## Task brief
Look for "6.3H194.7C192.8 6.3 191.5" in the entries below. Then write out exactly the line that holds it and every line after it, to the last, and nothing else.

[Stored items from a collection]
__________________________________________________

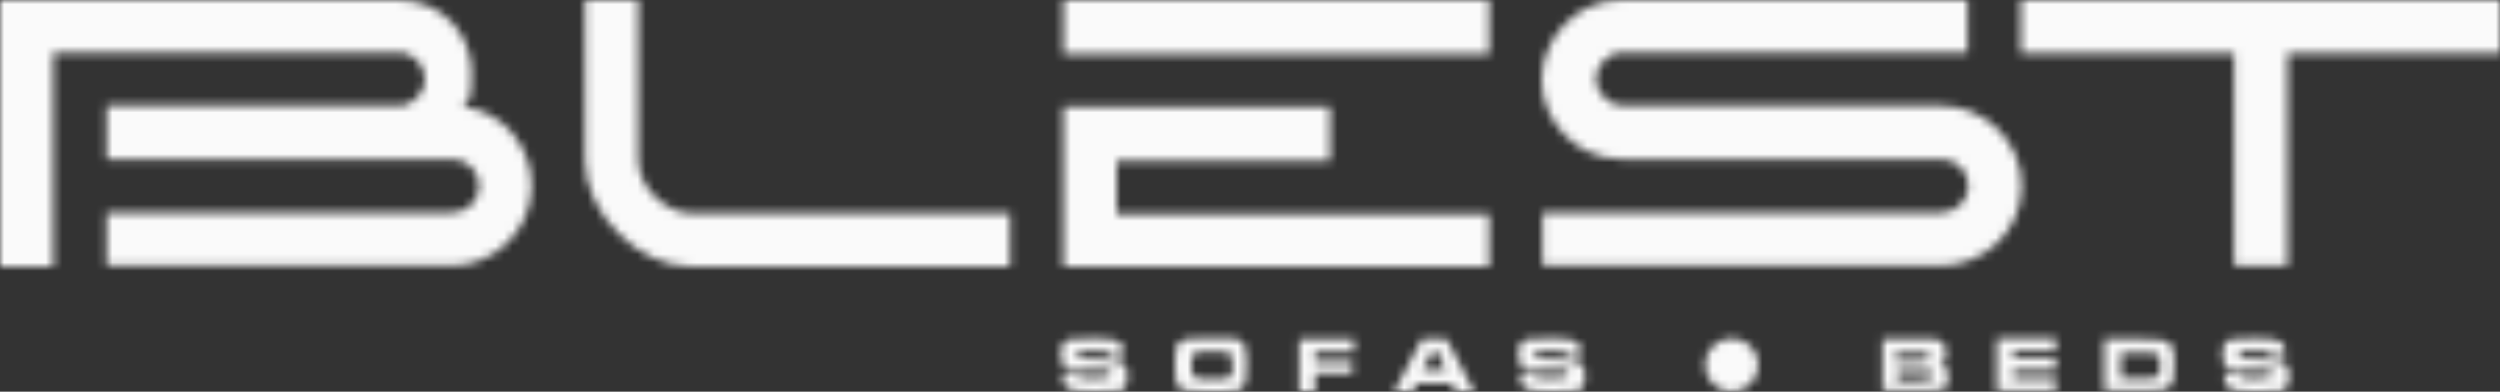 <svg xmlns="http://www.w3.org/2000/svg" fill="none" viewBox="0 0 300 47" height="47" width="300">
<rect x="0" y="0" width="300" height="47" fill="#333333" stroke="none"/>
<mask height="48" width="300" y="0" x="0" maskUnits="userSpaceOnUse" style="mask-type:alpha" id="mask0_50_26">
<path fill="#555049" d="M225.8 40.7H232.1C233.1 40.8 233.5 41.2 233.5 42.4C233.5 43.6 233.2 43.7 232.6 43.8C233.5 43.9 233.8 44.3 233.8 45.3C233.8 46.3 233.5 46.7 233 46.8C232.6 46.9 232.5 46.9 230.4 46.9H225.9V40.6H225.8V40.7ZM230.3 43.3C230.9 43.3 231.2 43.3 231.3 43.2C231.5 43.1 231.5 42.9 231.5 42.8C231.5 42.5 231.4 42.4 231.2 42.3H227.5V43.3H230.2H230.3ZM230.3 45.6C231.1 45.6 231.533 45.566 231.6 45.5C231.7 45.4 231.9 45.2 231.9 45C231.9 44.8 231.8 44.6 231.6 44.5H227.7V45.7H230.3V45.6Z"></path>
<path fill="#555049" d="M246.7 42.1H241.6V43H246.7V44.4H241.6V45.4H246.7V46.9H239.6V40.6H246.7V42V42.1Z"></path>
<path fill="#555049" d="M252.6 40.7H257.2C258.9 40.7 259 40.7 259.5 40.8C260.1 40.9 260.5 41.3 260.8 41.8C260.9 42.2 260.9 42.7 260.9 43.7C260.9 45.4 260.8 46 260.3 46.4C259.8 46.8 259.3 46.9 257.1 46.9H252.5V40.6H252.6V40.7ZM257.3 45.4C259.1 45.4 259.2 45.3 259.2 43.9C259.2 42.5 259.1 42.7 258.9 42.6C258.6 42.3 258.4 42.3 257.2 42.3H254.5V45.4H257.2H257.3Z"></path>
<path fill="#555049" d="M268.8 45.3C268.9 45.4 269.2 45.4 270.6 45.4C272 45.4 272.7 45.233 272.7 44.9C272.7 44.5 272.6 44.4 271.9 44.4H268.8C267.3 44.4 266.7 44 266.7 42.6C266.7 41.2 267.1 40.8 267.9 40.7C268.3 40.6 269.2 40.6 270.7 40.6C272.2 40.6 273.3 40.7 273.7 41C274.1 41.3 274.2 41.6 274.2 42.4V42.7H272.4C272.4 42.433 272.367 42.266 272.3 42.2C272.2 42.1 271.9 42.1 270.5 42.1C269.1 42.1 268.7 42.1 268.7 42.6C268.7 43.1 268.8 43 269 43C269.2 43 269.6 43.1 271.1 43.1C273.2 43.2 273.5 43.2 274.1 43.5C274.5 43.8 274.7 44.3 274.7 45C274.7 46.2 274.4 46.7 273.8 46.9C273.4 47 272.6 47 270.7 47C268.8 47 268 46.9 267.5 46.6C267.1 46.3 266.9 46 266.9 45.1V44.8H268.8C268.8 44.8 268.8 45.2 268.9 45.3H268.8Z"></path>
<path fill="#555049" d="M129.4 45.3C129.5 45.4 129.8 45.4 131.2 45.4C132.6 45.4 133.3 45.233 133.3 44.9C133.3 44.5 133.2 44.4 132.5 44.4H129.4C127.9 44.4 127.3 44 127.3 42.6C127.3 41.2 127.7 40.8 128.5 40.7C128.9 40.6 129.8 40.6 131.3 40.6C132.8 40.6 133.9 40.7 134.3 41C134.7 41.3 134.8 41.6 134.8 42.4V42.7H133C133 42.433 132.966 42.266 132.9 42.2C132.8 42.1 132.5 42.1 131.1 42.1C129.7 42.1 129.3 42.1 129.3 42.6C129.3 43.1 129.4 43 129.6 43C129.8 43 130.2 43.1 131.7 43.1C133.8 43.2 134.1 43.2 134.7 43.5C135.1 43.8 135.3 44.3 135.3 45C135.3 46.2 135 46.7 134.4 46.9C134 47 133.2 47 131.3 47C129.4 47 128.6 46.9 128.1 46.6C127.7 46.3 127.5 46 127.5 45.1V44.8H129.4C129.4 44.8 129.4 45.2 129.5 45.3H129.4Z"></path>
<path fill="#555049" d="M149 41.001C149.5 41.401 149.6 42.001 149.6 43.8C149.6 45.6 149.5 46.2 149 46.6C148.5 47.001 148 47.001 145.3 47.001C142.6 47.001 142.1 46.901 141.6 46.6C141.1 46.2 141 45.6 141 43.8C141 42.001 141.1 41.401 141.6 41.001C142.1 40.6 142.6 40.6 145.3 40.6C148 40.501 148.6 40.6 149 41.001ZM143.1 42.501C142.9 42.901 143 43.501 143 43.901C143 44.7 143 44.901 143.3 45.2C143.6 45.501 143.8 45.501 145.5 45.501C147.2 45.501 147.3 45.501 147.6 45.2C147.9 45.1 147.9 44.8 147.9 44.001C147.9 43.2 147.9 43.1 147.8 42.7C147.7 42.3 147 42.2 146.5 42.2C146 42.2 145.1 42.2 144.8 42.2C144.4 42.2 143.5 42.2 143.3 42.501H143.1Z"></path>
<path fill="#555049" d="M162.499 40.701V42.201H157.799V43.401H162.299V44.801H157.799V47.001H155.899V40.701H162.599H162.499Z"></path>
<path fill="#555049" d="M174.2 46.001H170L169.5 47.001H167.3L170.6 40.701H173.6L176.9 47.001H174.7L174.2 46.001ZM172.4 42.001H172L170.7 44.401H173.5L172.3 42.001H172.4Z"></path>
<path fill="#555049" d="M184.2 44.7C184.2 45.1 184.2 45.2 184.3 45.3C184.4 45.4 184.7 45.4 186.1 45.4C187.5 45.4 188.2 45.233 188.2 44.9C188.2 44.5 188.1 44.4 187.4 44.4H184.3C182.8 44.4 182.2 44 182.2 42.6C182.2 41.2 182.6 40.8 183.4 40.7C183.8 40.6 184.7 40.6 186.2 40.6C187.7 40.6 188.8 40.7 189.2 41C189.6 41.3 189.7 41.6 189.7 42.4V42.7H187.9C187.9 42.433 187.867 42.266 187.8 42.2C187.7 42.1 187.4 42.1 186 42.1C184.6 42.1 184.2 42.1 184.2 42.6C184.2 43.1 184.3 43 184.5 43C184.7 43 185.1 43.1 186.6 43.1C188.7 43.2 189 43.2 189.6 43.5C190 43.8 190.2 44.3 190.2 45C190.2 46.2 189.9 46.7 189.3 46.9C188.9 47 188.1 47 186.2 47C184.3 47 183.5 46.9 183 46.6C182.6 46.3 182.4 46 182.4 45.1V44.8H184.3L184.2 44.7Z"></path>
<path fill="#555049" d="M207.8 47C209.567 47 211 45.567 211 43.8C211 42.032 209.567 40.6 207.8 40.6C206.032 40.6 204.6 42.032 204.6 43.8C204.6 45.567 206.032 47 207.8 47Z"></path>
<path fill="#555049" d="M121.3 25.6H83C79.9 25.6 76.6 22.5 76.6 19.2V0H70.2V19.2C70.2 25.6 76.6 32 82.9 32H121.2V25.7H121.3V25.6Z"></path>
<path fill="#555049" d="M236.2 6.3H194.7C192.8 6.3 191.5 8 191.5 9.5C191.5 11 193 12.7 194.7 12.7H233C238.1 12.7 242.6 16.9 242.6 22.3C242.6 27.7 238.2 31.8 233 31.9H185.1V25.5H233C234.8 25.5 236.2 24 236.2 22.3C236.2 20.6 234.8 19.1 233 19.1H194.6C189.1 19.1 185 14.5 185 9.6C185 4.7 189 0 194.6 0H236.1V6.3H236.2Z"></path>
<path fill="#555049" d="M242.5 6.4V0H300V6.4H274.5V31.9H268.1V6.4H242.6"></path>
<path fill="#555049" d="M47.9 0C53.5 0.1 56.6 4.5 56.6 8.7C56.6 12.9 56.2 11.5 55.6 12.8C60.5 13.4 63.8 17.7 63.8 22.3C63.8 27.6 59.4 31.9 54.2 31.9H12.8V25.5H54.3C56.1 25.5 57.5 24.1 57.5 22.3C57.5 20.5 56 19.1 54.3 19.1H12.8V12.7H47.8C49.7 12.7 51 11 51 9.5C51 8 49.8 6.3 47.8 6.3H6.4V32H0V0H47.9Z"></path>
<path fill="#555049" d="M178.7 0H127.6V6.5H178.7V0Z"></path>
<path fill="#555049" d="M127.6 12.801V32.001H178.7V25.701H134V19.301H159.6V12.801H127.6Z"></path>
</mask>
<g mask="url(#mask0_50_26)">
<rect fill="#FAFAFA" height="47" width="300"></rect>
</g>
</svg>

__________________________________________________

## Answer section
<path fill="#555049" d="M236.2 6.3H194.7C192.8 6.3 191.5 8 191.5 9.5C191.5 11 193 12.7 194.7 12.7H233C238.1 12.7 242.6 16.9 242.6 22.3C242.6 27.7 238.2 31.8 233 31.9H185.1V25.5H233C234.8 25.5 236.2 24 236.2 22.3C236.2 20.6 234.8 19.1 233 19.1H194.6C189.1 19.1 185 14.5 185 9.6C185 4.7 189 0 194.6 0H236.1V6.3H236.2Z"></path>
<path fill="#555049" d="M242.5 6.4V0H300V6.4H274.5V31.9H268.1V6.4H242.6"></path>
<path fill="#555049" d="M47.9 0C53.5 0.1 56.6 4.5 56.6 8.7C56.6 12.9 56.2 11.5 55.6 12.8C60.5 13.4 63.8 17.7 63.8 22.3C63.8 27.6 59.4 31.9 54.2 31.9H12.8V25.5H54.3C56.1 25.5 57.5 24.1 57.5 22.3C57.5 20.5 56 19.1 54.3 19.1H12.8V12.7H47.8C49.7 12.7 51 11 51 9.5C51 8 49.8 6.3 47.8 6.3H6.4V32H0V0H47.9Z"></path>
<path fill="#555049" d="M178.7 0H127.6V6.5H178.7V0Z"></path>
<path fill="#555049" d="M127.6 12.801V32.001H178.7V25.701H134V19.301H159.6V12.801H127.6Z"></path>
</mask>
<g mask="url(#mask0_50_26)">
<rect fill="#FAFAFA" height="47" width="300"></rect>
</g>
</svg>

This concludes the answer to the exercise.